Powys Castle and terraces from the southeast in fine weather, Powys, Wales. n.d. Photo: CC BY-SA 3.0.
Friday, Jan. 16, 2026: A getaway
The spectacle of America’s at first slow, then rapid descent into fascism is both irresistible and unavoidable – like the proverbial slow motion train crash. Here in the UK, the BBC is now all-Trump, all the time, with occasional breaks to report on the departure of leading politicians from benighted Tory-dom to the sunny lands of Reform U.K., Britain’s leading fascist party. Apart from Trump, the politician whose voice is heard most often on The Beeb is his epigone, Nigel Farage.
My wife Harriet and I need a break from media and the daily outrages of Trump and Farage, so we’ve decided to drive west, about 250 miles to visit the remote studio of a potter/sculptor I learned about, Charles Bound, near Welshpool, in Powys, the largest and least populated county in Wales. The trip by car takes about five hours. We’ll leave early on Sunday to give us time to first visit Powys Castle, the ancestral home of the Herbert family, now a property of the National Trust. I frankly doubt the getaway will ease my mind, but it may give me space and time to reflect for a while about things other than the ongoing catastrophe.
Sunday, January 18, 2026: Castle Powys
We didn’t at first realize we arrived. The driving rain obscured everything, and the castle is nestled on a hillside among trees and terraced gardens. But when I turned to park, there it was, a great, hulking, mass of red stone with round towers and crenelations. A castle! One thing didn’t fit, however: three rows of large windows with architraves vulnerable to medieval weaponry: battering rams, catapults, crossbows, and even slingshots! Sometime in the late 16th Century, the 13th C. castle must have been turned into a manor house. I imagined processions of knights in armor and then three centuries later, courtiers in doublets and women in long, flowing skirts; what we saw was British tourists in Barbour coats and Wellington boots, holding dogs on leads.

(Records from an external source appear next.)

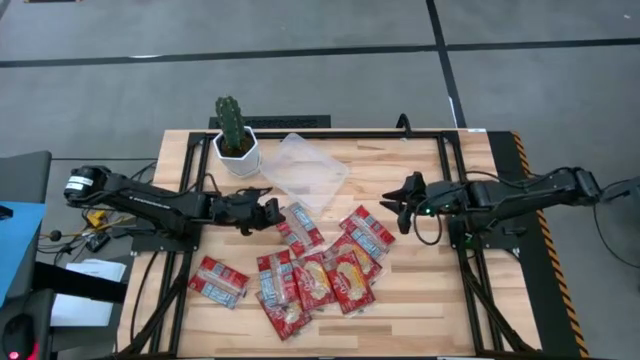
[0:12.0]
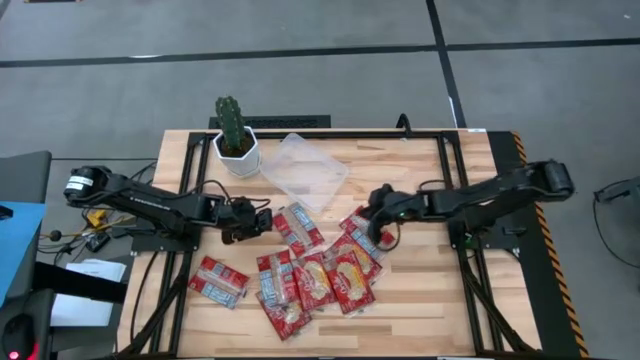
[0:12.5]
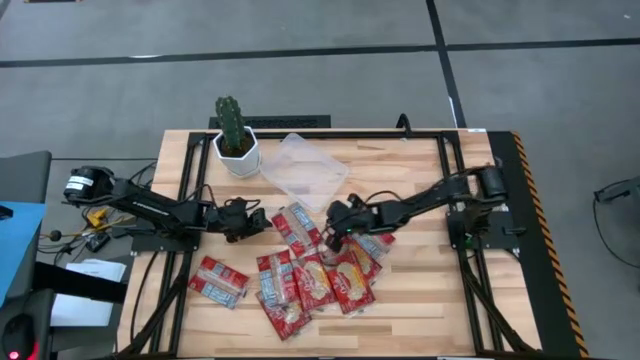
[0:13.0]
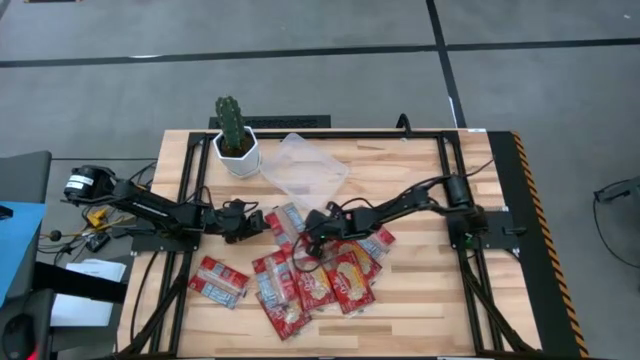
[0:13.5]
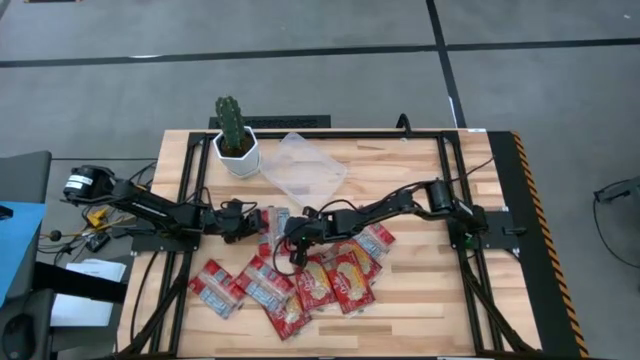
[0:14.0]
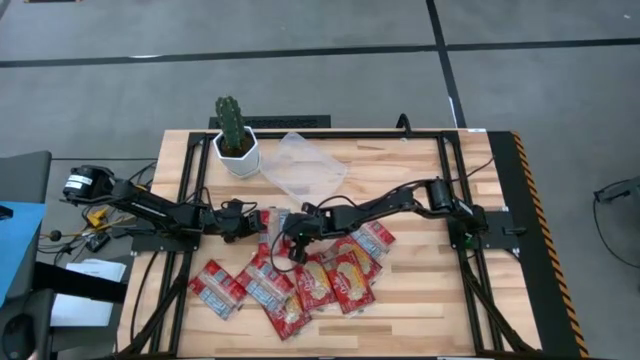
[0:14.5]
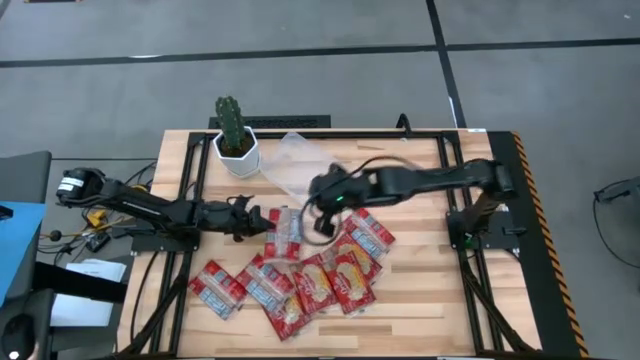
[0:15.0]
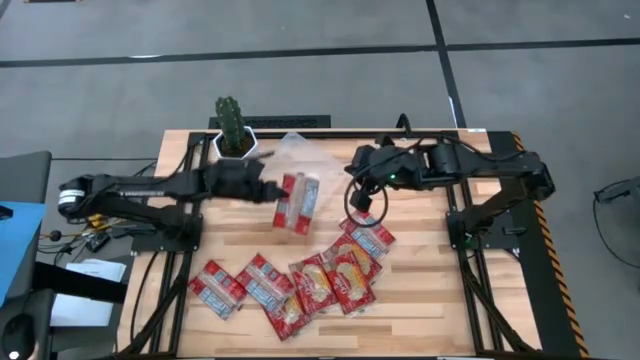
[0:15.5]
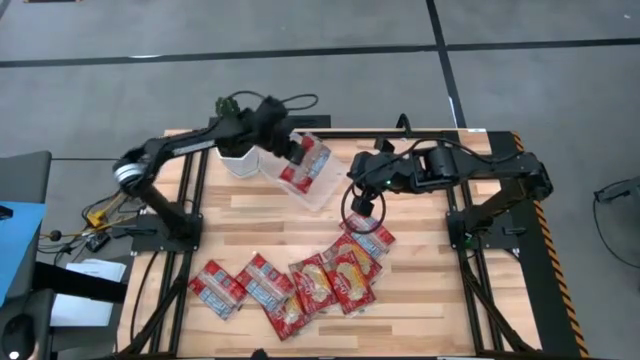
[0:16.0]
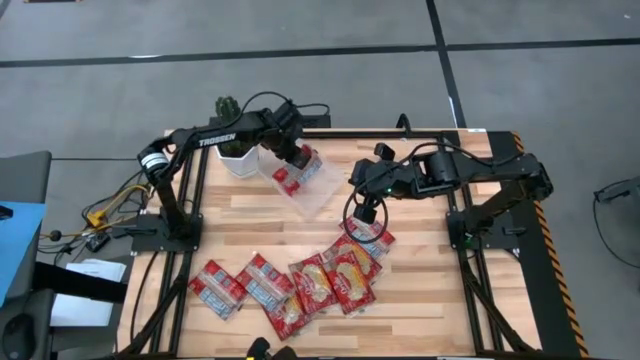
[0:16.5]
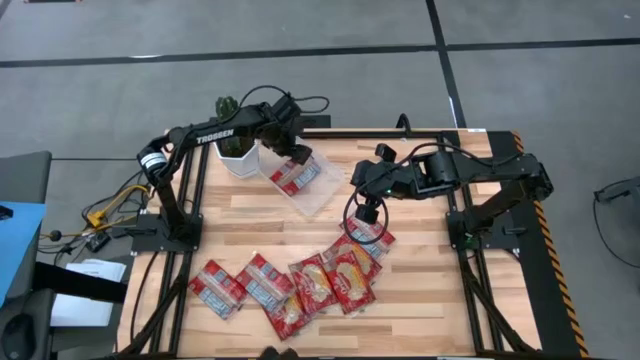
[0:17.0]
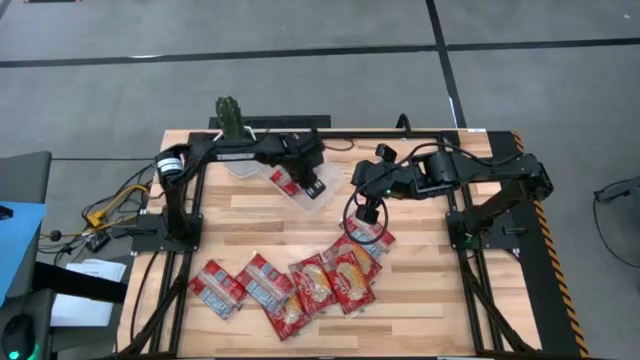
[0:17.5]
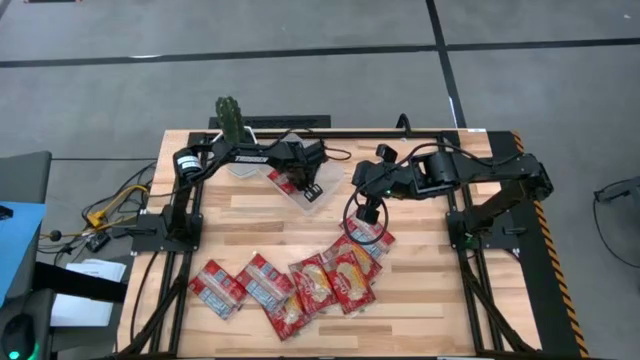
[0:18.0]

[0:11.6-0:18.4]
Task: Sort popcorn bags into baskets
Put the red popcorn bag into the transparent bin

Pevsner described the interior of Powys Castle as “the most magnificent in Wales”; that may be true, but I found it dark and dreary. The 16th and 17th C. ceiling paintings were feeble imitations of Veronese, and the early 18th C. portraits – mostly of the Herbert family – were dolls heads on well-dressed, mannikin bodies. The British were good at drama and poetry, but terrible at painting until William Hogarth, Joshua Reynolds and Thomas Gainsborough came along in the middle of the century.
The exception that proves the rule at Castle Powys is Isaac Oliver’s miniature Portrait of Edward Herbert, 1st Baron of Cherbury (c. 1613-4). The baron is shown reclining on the ground beneath a tree, head propped up by right hand and bent arm. An armorial shield covers his side, but not his long-fingered left hand. His retinue is visible at right, and distant mountains are glimpsed between framing trees. Do we see, in Oliver’s portrait, an evocation of the renowned lover, duelist, philosopher and poet? In “An Ode Upon a Question Moved, Whether Love Should Continue Forever,” Herbert rejects the suggestion that humans must seek only the spiritual:
Isaac Oliver, Portrait of Edward Herbert, c. 1613-14. Powys Castle
No sure, for if none can ascend
Even to the visible degree
Of things created, how should we
The invisible comprehend?
The Baron’s doublet and chemise are unbuttoned at the top, opening him to “things created” – plants and trees, mountains and rivers, and the invisible lover at whom he longingly gazes. That attraction is as tangible as the world of nature:
Nor here on earth then, nor above,
Our good affection can impair,
For where God doth admit the fair,
Think you that he excludeth love?
There are few more beautiful or evocative portraits in Britain than Oliver’s.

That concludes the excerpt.